Data records Start Marker

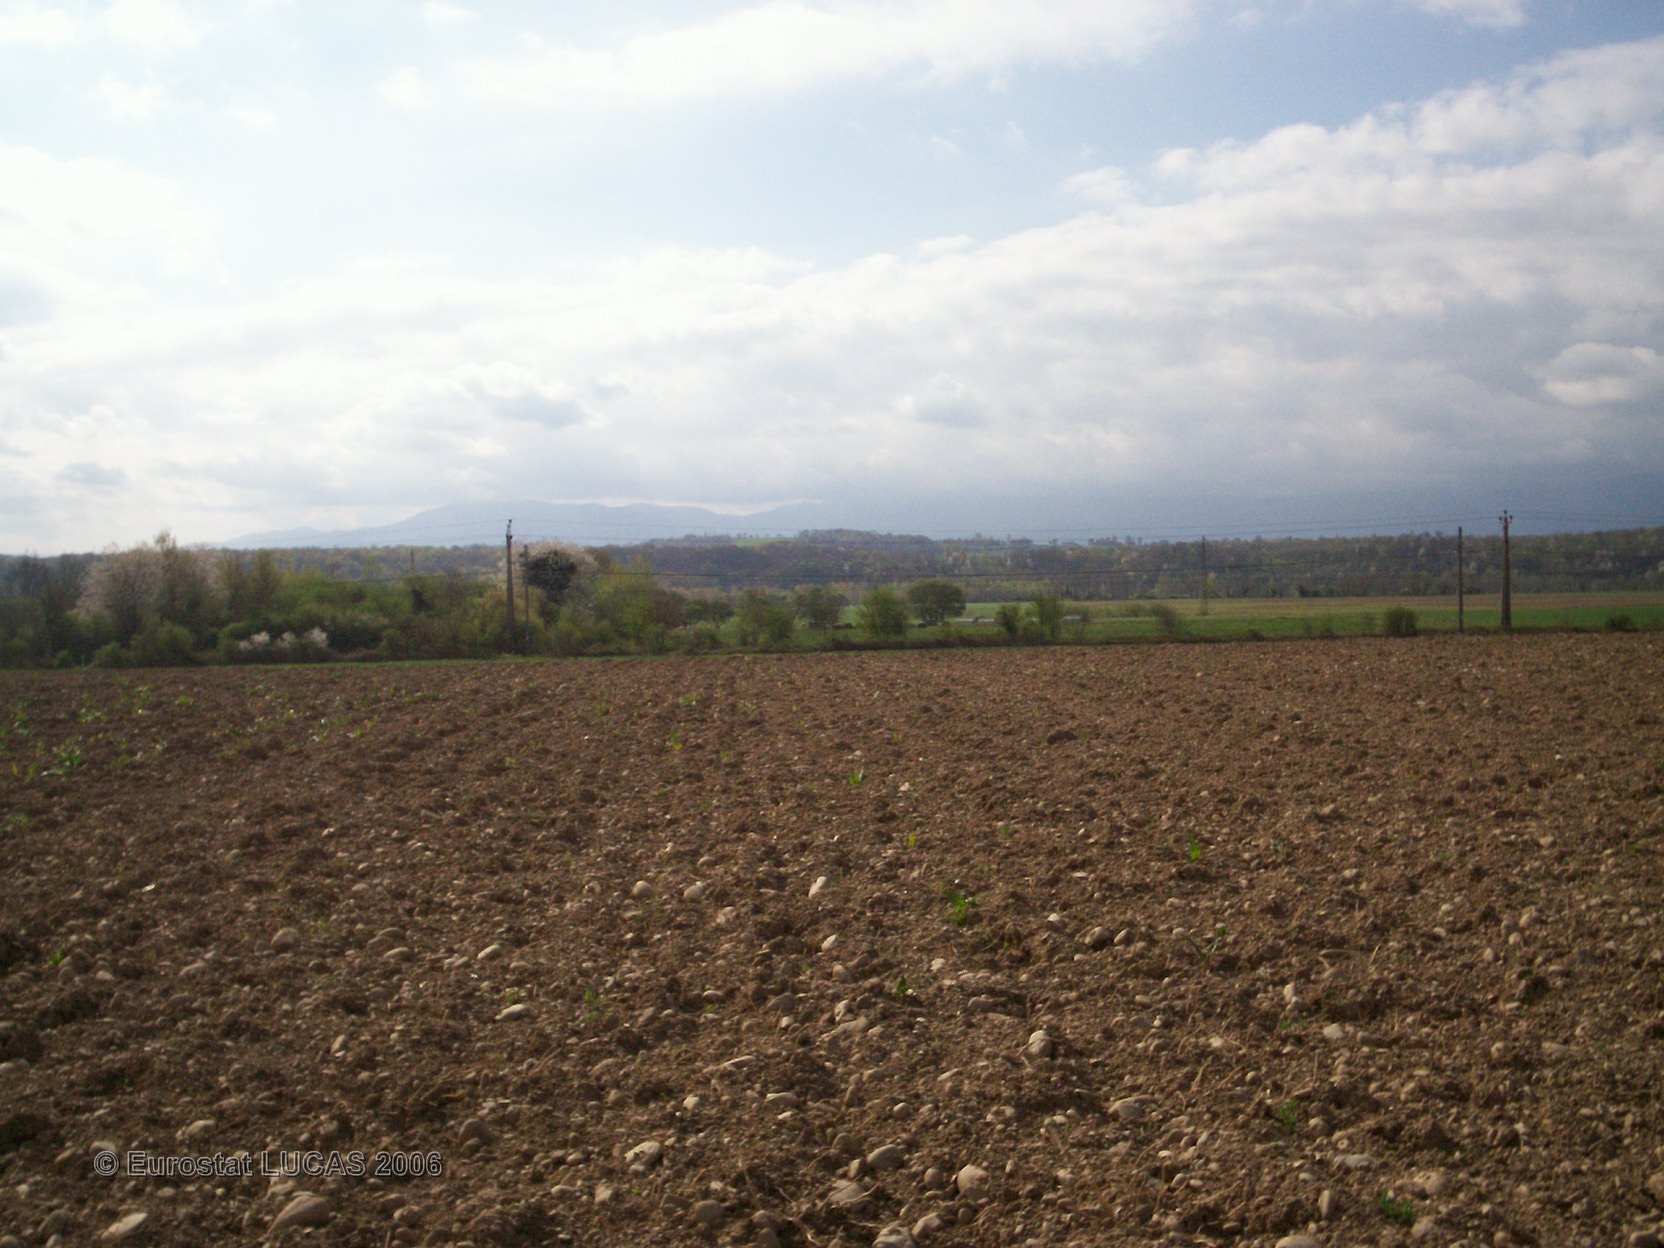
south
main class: Cropland
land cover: Other fibre and oleaginous crops
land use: Agriculture (excluding fallow land and kitchen gardens)
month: June
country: FR
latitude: 43.1149
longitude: 0.8961
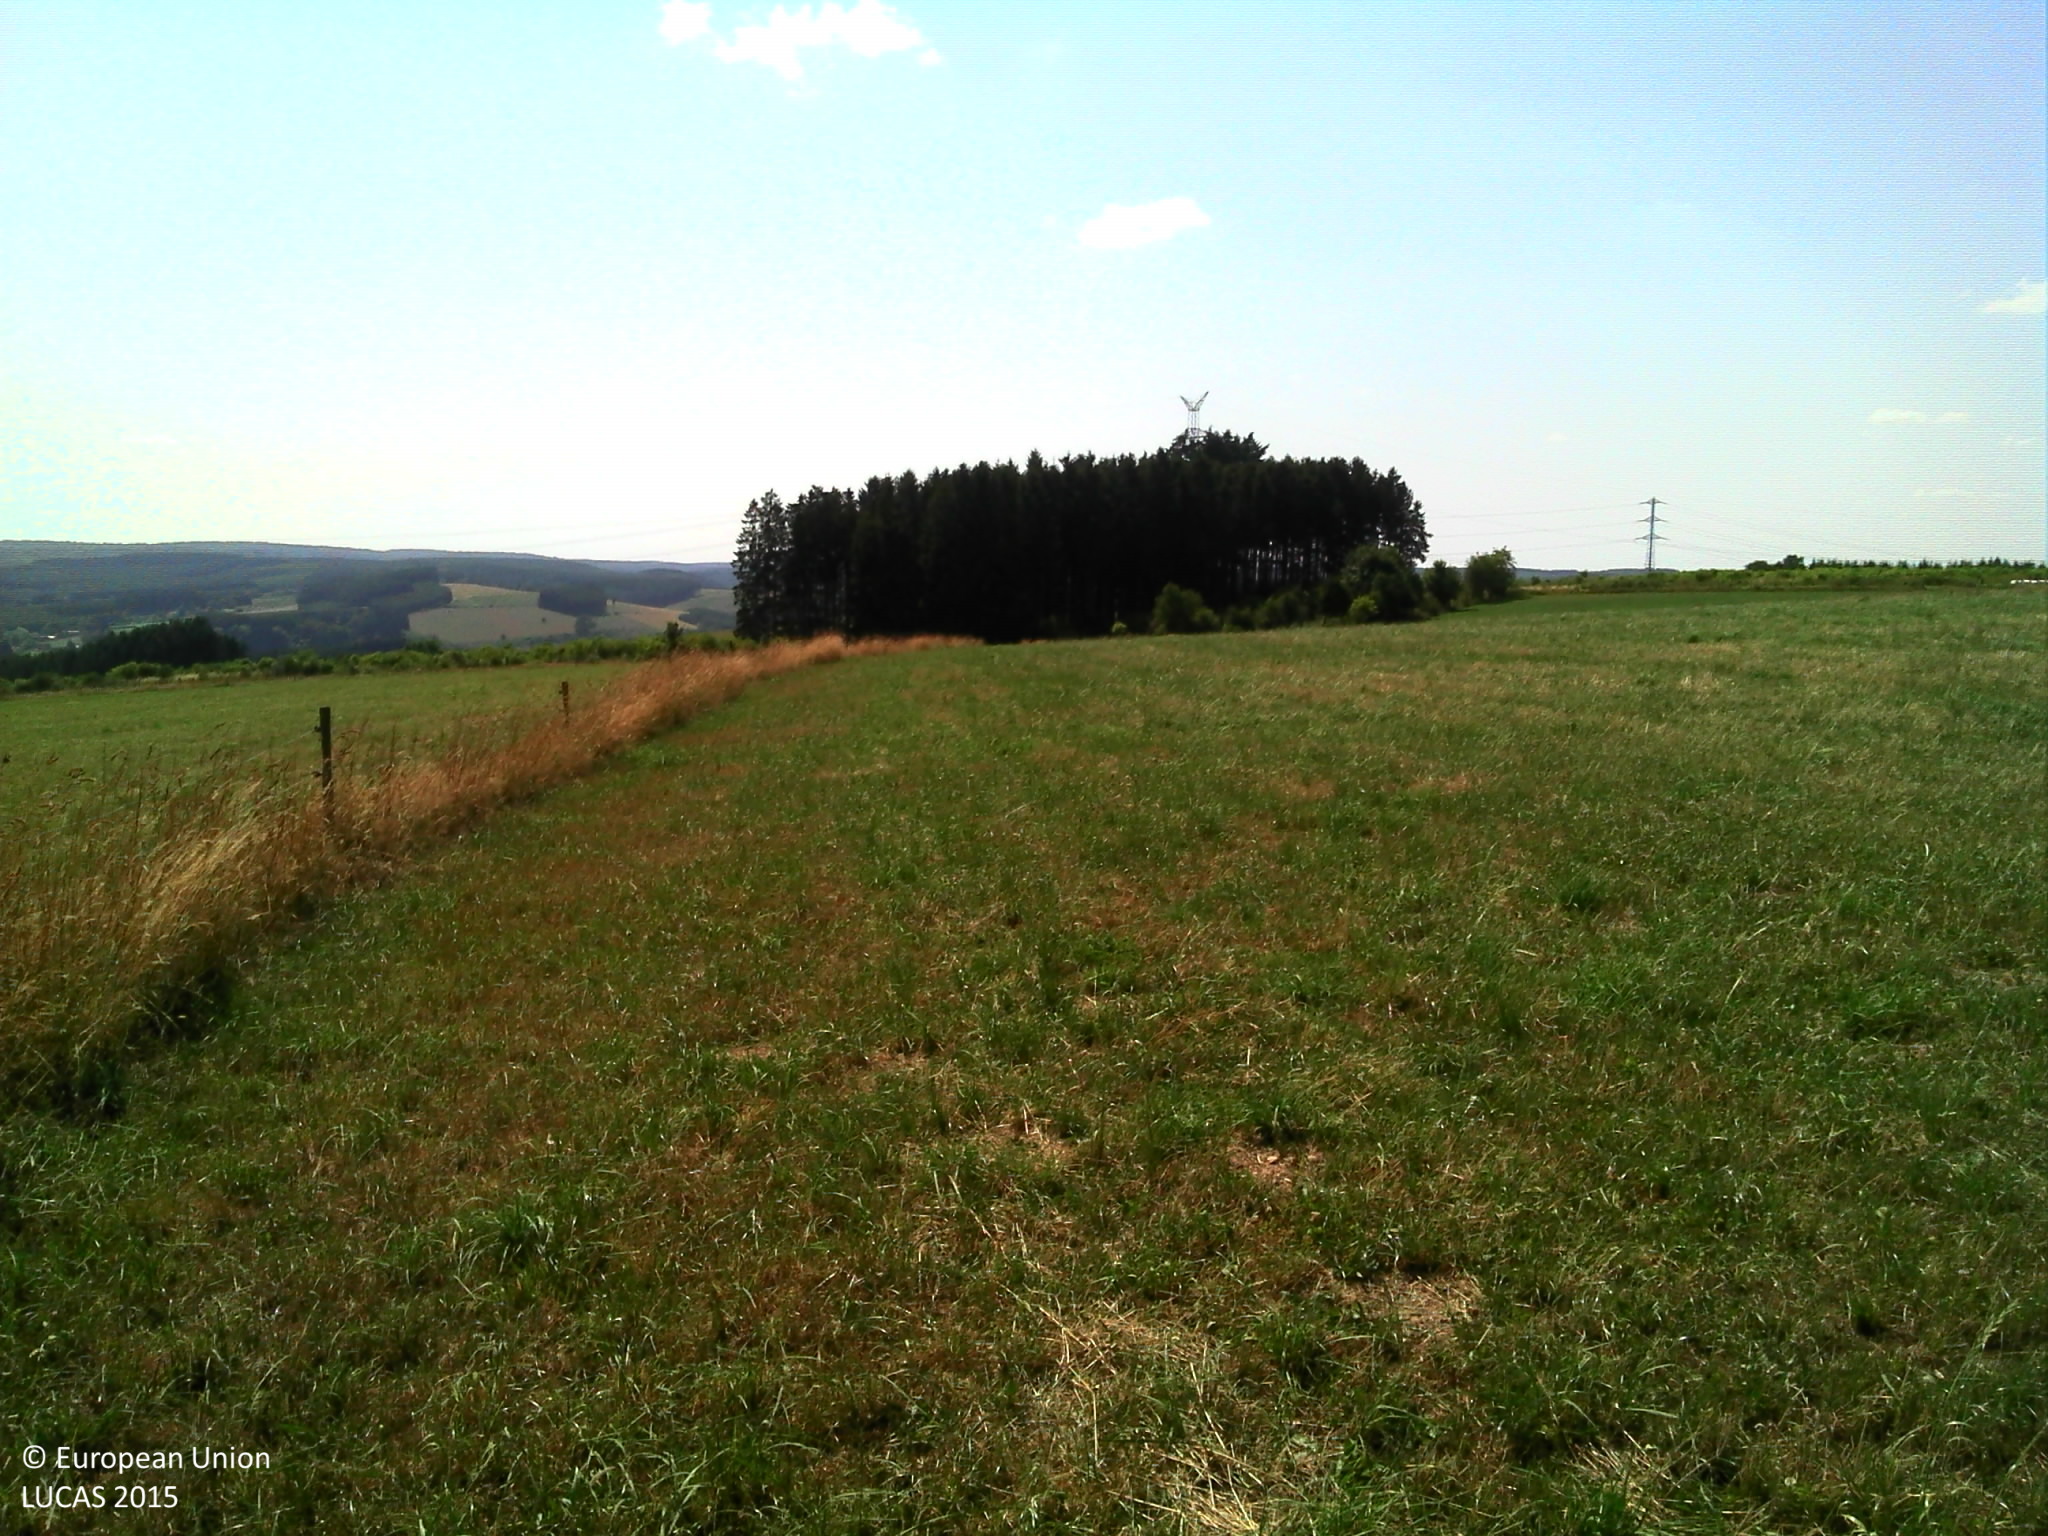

Data records End Marker

The task calls for repeating each line above exactly while excluding the pictures.

» **Result**
south
main class: Cropland
land cover: Other fibre and oleaginous crops
land use: Agriculture (excluding fallow land and kitchen gardens)
month: June
country: FR
latitude: 43.1149
longitude: 0.8961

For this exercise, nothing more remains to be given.